Copy nothing but the line with "0.9 seconds have passed since image 1." and the lines that follow it to the end of the entries below, and keep the pictures out.

>>>>

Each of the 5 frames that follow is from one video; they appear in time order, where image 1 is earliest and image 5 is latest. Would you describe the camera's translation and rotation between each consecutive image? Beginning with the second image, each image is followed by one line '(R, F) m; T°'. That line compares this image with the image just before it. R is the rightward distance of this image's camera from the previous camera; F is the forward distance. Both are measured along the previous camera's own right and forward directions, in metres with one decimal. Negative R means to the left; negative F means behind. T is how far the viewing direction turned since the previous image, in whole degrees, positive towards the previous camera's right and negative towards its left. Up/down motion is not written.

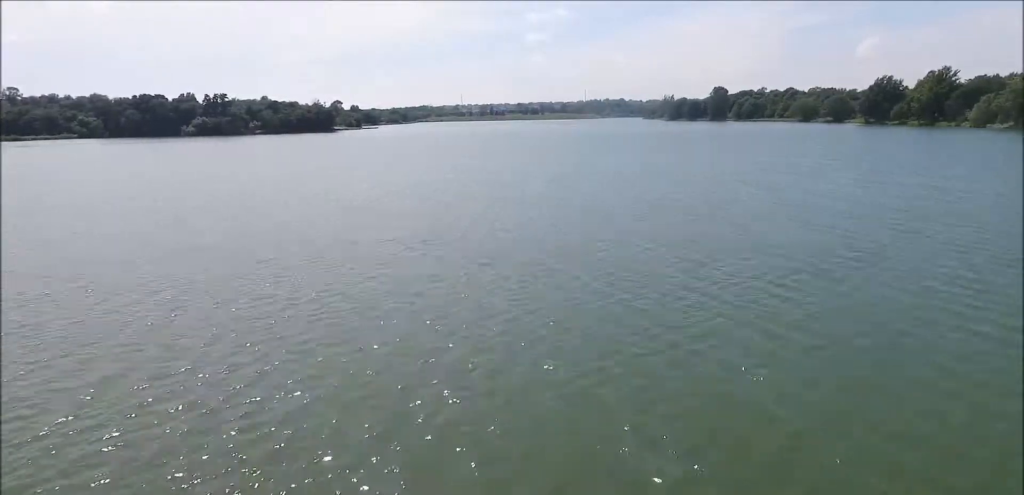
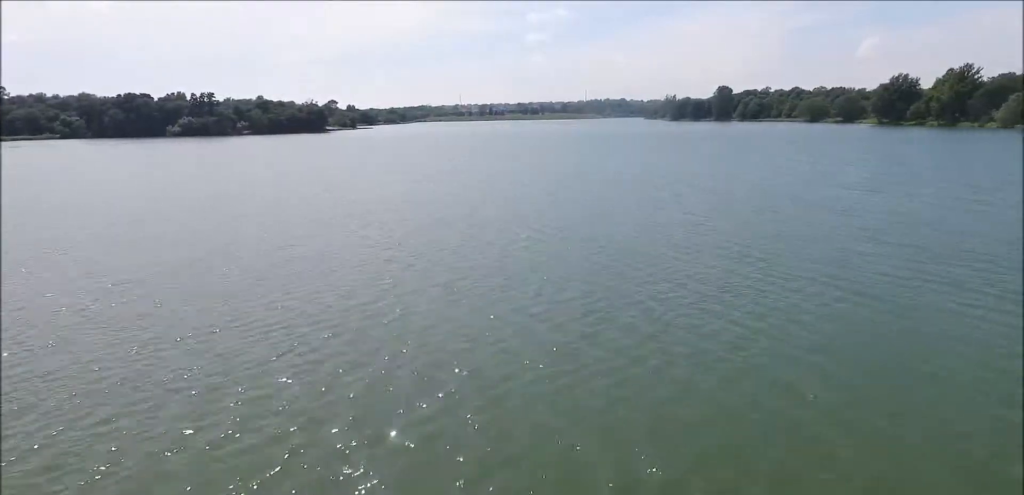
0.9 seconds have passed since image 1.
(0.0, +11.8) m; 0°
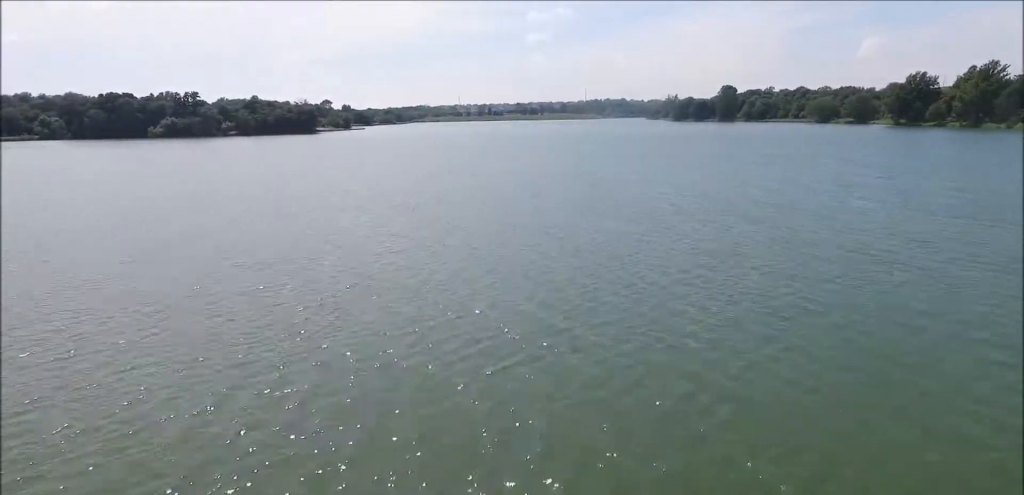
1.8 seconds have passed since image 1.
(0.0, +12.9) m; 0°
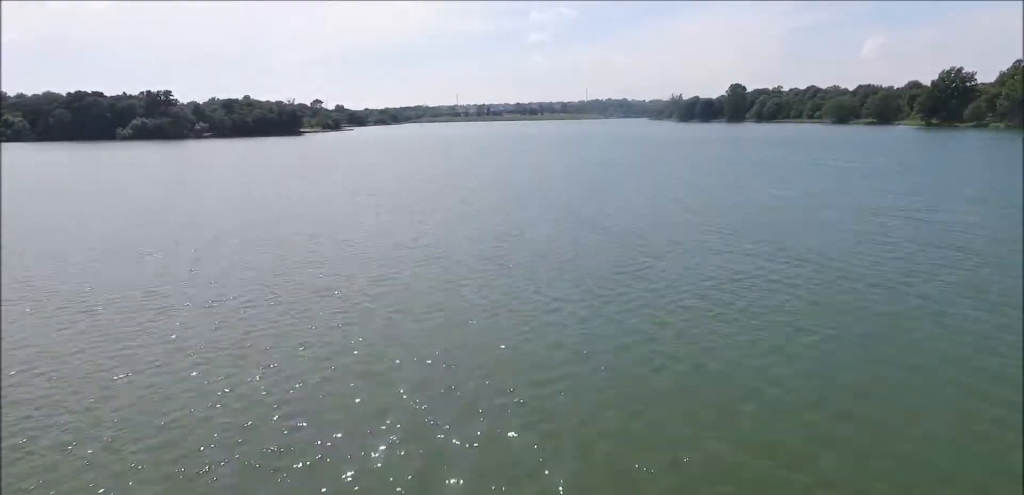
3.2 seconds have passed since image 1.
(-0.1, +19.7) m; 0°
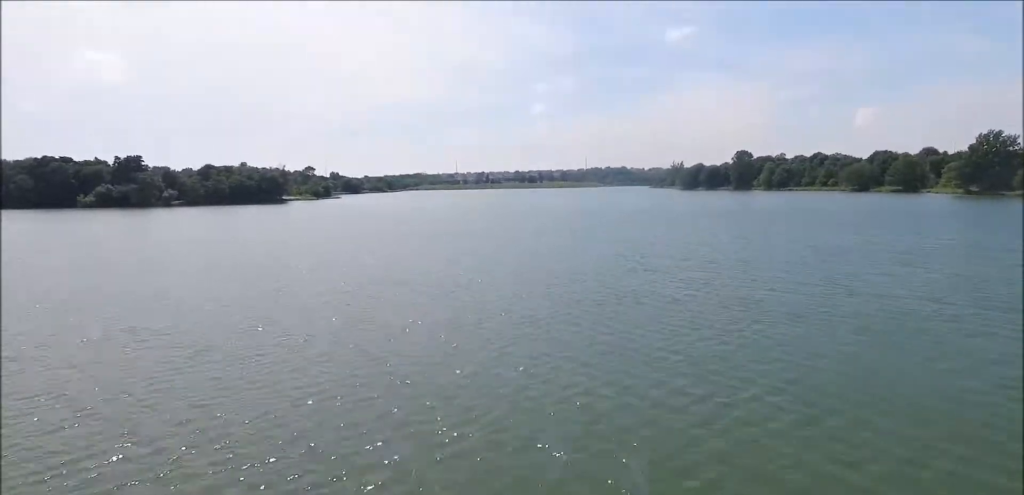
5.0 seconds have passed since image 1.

<<<<

* Response below:
0.9 seconds have passed since image 1.
(0.0, +11.8) m; 0°
1.8 seconds have passed since image 1.
(0.0, +12.9) m; 0°
3.2 seconds have passed since image 1.
(-0.1, +19.7) m; 0°
5.0 seconds have passed since image 1.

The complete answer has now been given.